- WORK REQUEST
Quote every line below exactly and skip any picture.

- DATASET RECORDS
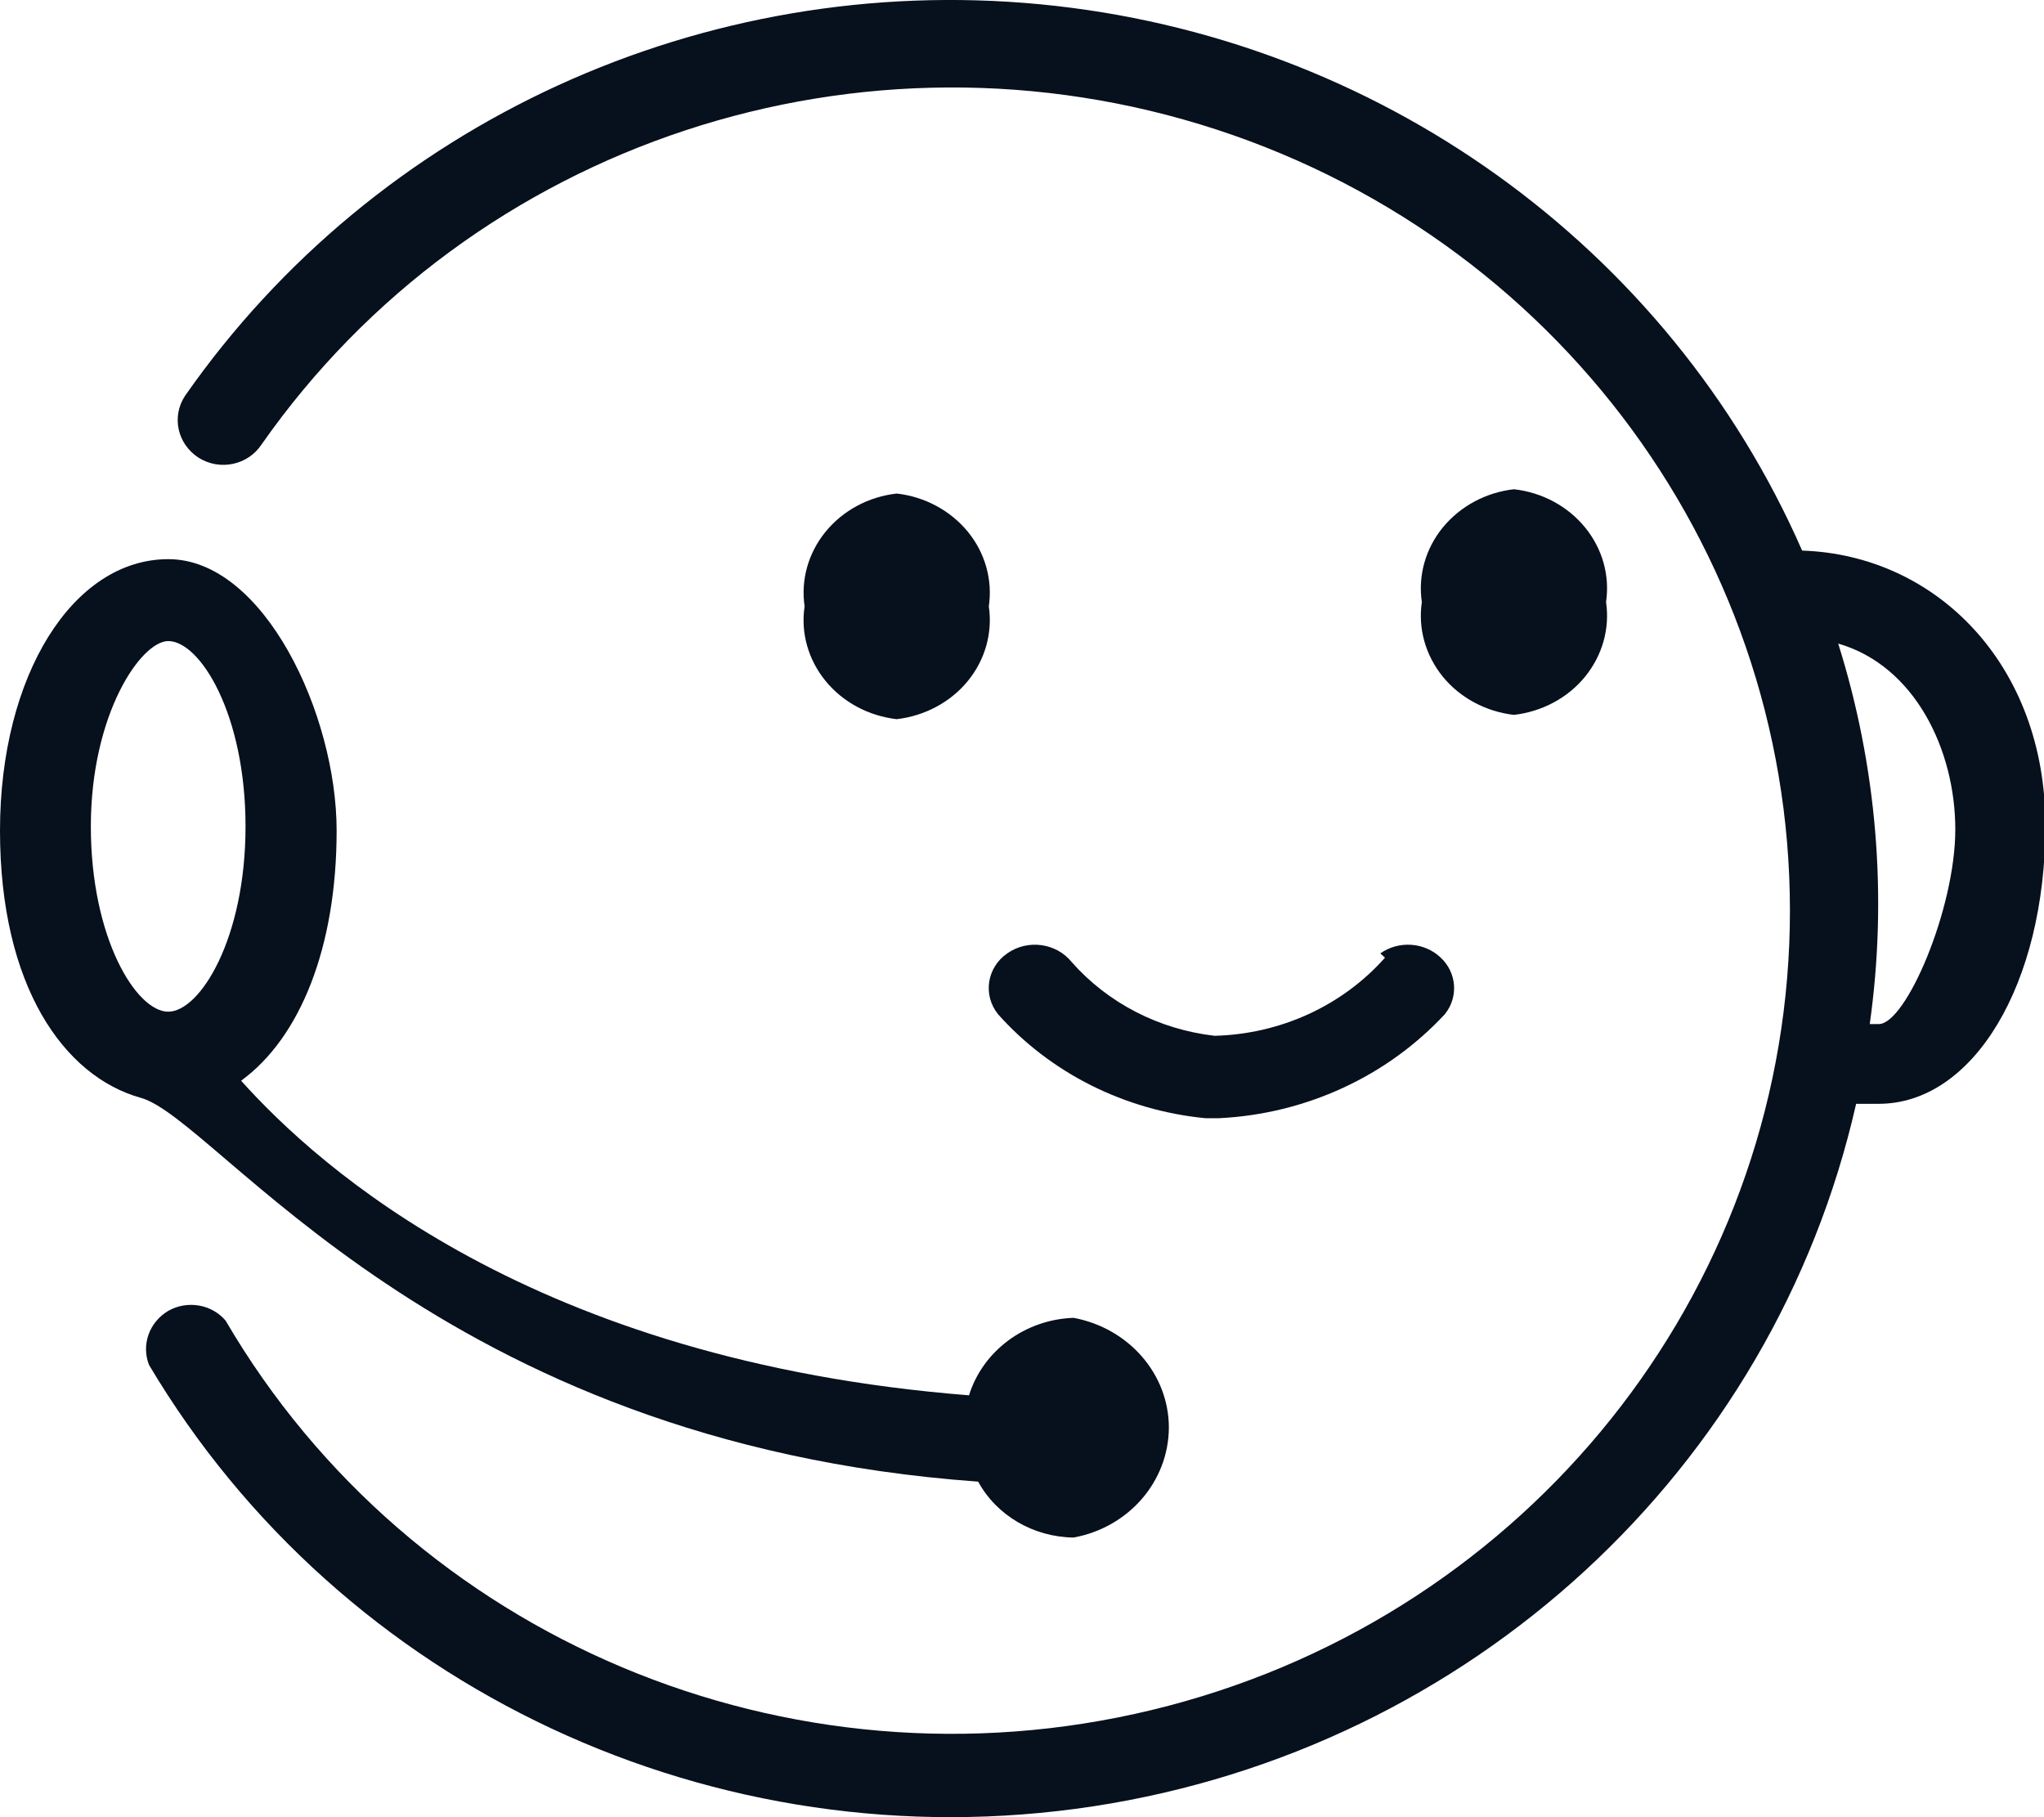 <svg xmlns="http://www.w3.org/2000/svg" fill="none" viewBox="0 0 16.2 14.4" class="design-iconfont">
  <defs>
    <clipPath id="ixgqhf3bx__hgqioi2y7a">
      <rect width="16.2" height="14.4" rx="0"/>
    </clipPath>
  </defs>
  <g clip-path="url(#ixgqhf3bx__hgqioi2y7a)">
    <path d="M7.837,4.805C7.868,4.595,7.808,4.382,7.671,4.214C7.532,4.045,7.329,3.936,7.107,3.911C6.884,3.936,6.681,4.045,6.543,4.214C6.406,4.382,6.346,4.595,6.377,4.805C6.345,5.015,6.406,5.228,6.543,5.396C6.68,5.564,6.883,5.673,7.107,5.699C7.33,5.673,7.534,5.564,7.671,5.396C7.808,5.228,7.868,5.015,7.837,4.805ZM11.999,5.665C12.223,5.639,12.426,5.53,12.563,5.362C12.7,5.193,12.76,4.981,12.729,4.771C12.76,4.56,12.7,4.348,12.563,4.18C12.425,4.011,12.222,3.902,11.999,3.877C11.777,3.902,11.574,4.011,11.435,4.18C11.298,4.348,11.238,4.561,11.269,4.771C11.238,4.981,11.298,5.193,11.435,5.362C11.572,5.53,11.776,5.639,11.999,5.665ZM10.977,7.589C10.639,7.97,10.148,8.195,9.626,8.208C9.185,8.157,8.781,7.949,8.494,7.624C8.372,7.472,8.145,7.441,7.983,7.555C7.821,7.667,7.788,7.885,7.91,8.037C8.326,8.504,8.915,8.799,9.553,8.861L9.663,8.861C10.351,8.827,10.995,8.529,11.452,8.036C11.561,7.9,11.546,7.707,11.417,7.587C11.288,7.466,11.086,7.452,10.94,7.555L10.977,7.589Z" fill="#07101D"/>
    <path d="M14.283,4.363C13.224,1.948,10.91,0.29,8.245,0.034C5.578,-0.221,2.982,0.967,1.467,3.136C1.358,3.3,1.405,3.518,1.574,3.627C1.742,3.733,1.965,3.686,2.073,3.522C3.749,1.127,6.835,0.11,9.643,1.027C12.45,1.945,14.3,4.576,14.181,7.48C14.061,10.383,12,12.859,9.127,13.551C6.254,14.244,3.261,12.985,1.788,10.465C1.678,10.335,1.484,10.302,1.333,10.388C1.182,10.478,1.119,10.657,1.181,10.816C2.706,13.383,5.675,14.77,8.664,14.314C11.654,13.857,14.053,11.648,14.711,8.747L14.89,8.747C15.639,8.747,16.211,7.8,16.211,6.538C16.211,5.275,15.354,4.399,14.283,4.363L14.283,4.363ZM14.891,8.115L14.819,8.115C14.961,7.105,14.876,6.077,14.569,5.1C15.176,5.275,15.497,5.942,15.497,6.573C15.497,7.204,15.105,8.115,14.891,8.115Z" fill="#07101D"/>
    <path d="M7.752,11.74C7.898,12.009,8.19,12.18,8.509,12.184C8.946,12.104,9.262,11.739,9.264,11.313C9.264,10.89,8.947,10.525,8.509,10.443C8.124,10.456,7.79,10.704,7.68,11.057C4.218,10.784,2.524,9.247,1.911,8.564C2.38,8.222,2.668,7.505,2.668,6.582C2.668,5.66,2.091,4.431,1.334,4.431C0.577,4.431,0,5.353,0,6.582C0,7.812,0.505,8.53,1.117,8.7C1.731,8.871,3.461,11.433,7.752,11.741L7.752,11.74ZM1.333,5.08C1.586,5.08,1.946,5.66,1.946,6.549C1.946,7.436,1.586,8.017,1.333,8.017C1.081,8.017,0.72,7.436,0.72,6.549C0.72,5.66,1.117,5.08,1.334,5.08L1.333,5.08Z" fill="#07101D"/>
  </g>
</svg>

- COMPLETED EXERCISE
 <svg xmlns="http://www.w3.org/2000/svg" fill="none" viewBox="0 0 16.2 14.4" class="design-iconfont">
  <defs>
    <clipPath id="ixgqhf3bx__hgqioi2y7a">
      <rect width="16.2" height="14.4" rx="0"/>
    </clipPath>
  </defs>
  <g clip-path="url(#ixgqhf3bx__hgqioi2y7a)">
    <path d="M7.837,4.805C7.868,4.595,7.808,4.382,7.671,4.214C7.532,4.045,7.329,3.936,7.107,3.911C6.884,3.936,6.681,4.045,6.543,4.214C6.406,4.382,6.346,4.595,6.377,4.805C6.345,5.015,6.406,5.228,6.543,5.396C6.68,5.564,6.883,5.673,7.107,5.699C7.33,5.673,7.534,5.564,7.671,5.396C7.808,5.228,7.868,5.015,7.837,4.805ZM11.999,5.665C12.223,5.639,12.426,5.53,12.563,5.362C12.7,5.193,12.76,4.981,12.729,4.771C12.76,4.56,12.7,4.348,12.563,4.18C12.425,4.011,12.222,3.902,11.999,3.877C11.777,3.902,11.574,4.011,11.435,4.18C11.298,4.348,11.238,4.561,11.269,4.771C11.238,4.981,11.298,5.193,11.435,5.362C11.572,5.53,11.776,5.639,11.999,5.665ZM10.977,7.589C10.639,7.97,10.148,8.195,9.626,8.208C9.185,8.157,8.781,7.949,8.494,7.624C8.372,7.472,8.145,7.441,7.983,7.555C7.821,7.667,7.788,7.885,7.91,8.037C8.326,8.504,8.915,8.799,9.553,8.861L9.663,8.861C10.351,8.827,10.995,8.529,11.452,8.036C11.561,7.9,11.546,7.707,11.417,7.587C11.288,7.466,11.086,7.452,10.94,7.555L10.977,7.589Z" fill="#07101D"/>
    <path d="M14.283,4.363C13.224,1.948,10.91,0.29,8.245,0.034C5.578,-0.221,2.982,0.967,1.467,3.136C1.358,3.3,1.405,3.518,1.574,3.627C1.742,3.733,1.965,3.686,2.073,3.522C3.749,1.127,6.835,0.11,9.643,1.027C12.45,1.945,14.3,4.576,14.181,7.48C14.061,10.383,12,12.859,9.127,13.551C6.254,14.244,3.261,12.985,1.788,10.465C1.678,10.335,1.484,10.302,1.333,10.388C1.182,10.478,1.119,10.657,1.181,10.816C2.706,13.383,5.675,14.77,8.664,14.314C11.654,13.857,14.053,11.648,14.711,8.747L14.89,8.747C15.639,8.747,16.211,7.8,16.211,6.538C16.211,5.275,15.354,4.399,14.283,4.363L14.283,4.363ZM14.891,8.115L14.819,8.115C14.961,7.105,14.876,6.077,14.569,5.1C15.176,5.275,15.497,5.942,15.497,6.573C15.497,7.204,15.105,8.115,14.891,8.115Z" fill="#07101D"/>
    <path d="M7.752,11.74C7.898,12.009,8.19,12.18,8.509,12.184C8.946,12.104,9.262,11.739,9.264,11.313C9.264,10.89,8.947,10.525,8.509,10.443C8.124,10.456,7.79,10.704,7.68,11.057C4.218,10.784,2.524,9.247,1.911,8.564C2.38,8.222,2.668,7.505,2.668,6.582C2.668,5.66,2.091,4.431,1.334,4.431C0.577,4.431,0,5.353,0,6.582C0,7.812,0.505,8.53,1.117,8.7C1.731,8.871,3.461,11.433,7.752,11.741L7.752,11.74ZM1.333,5.08C1.586,5.08,1.946,5.66,1.946,6.549C1.946,7.436,1.586,8.017,1.333,8.017C1.081,8.017,0.72,7.436,0.72,6.549C0.72,5.66,1.117,5.08,1.334,5.08L1.333,5.08Z" fill="#07101D"/>
  </g>
</svg>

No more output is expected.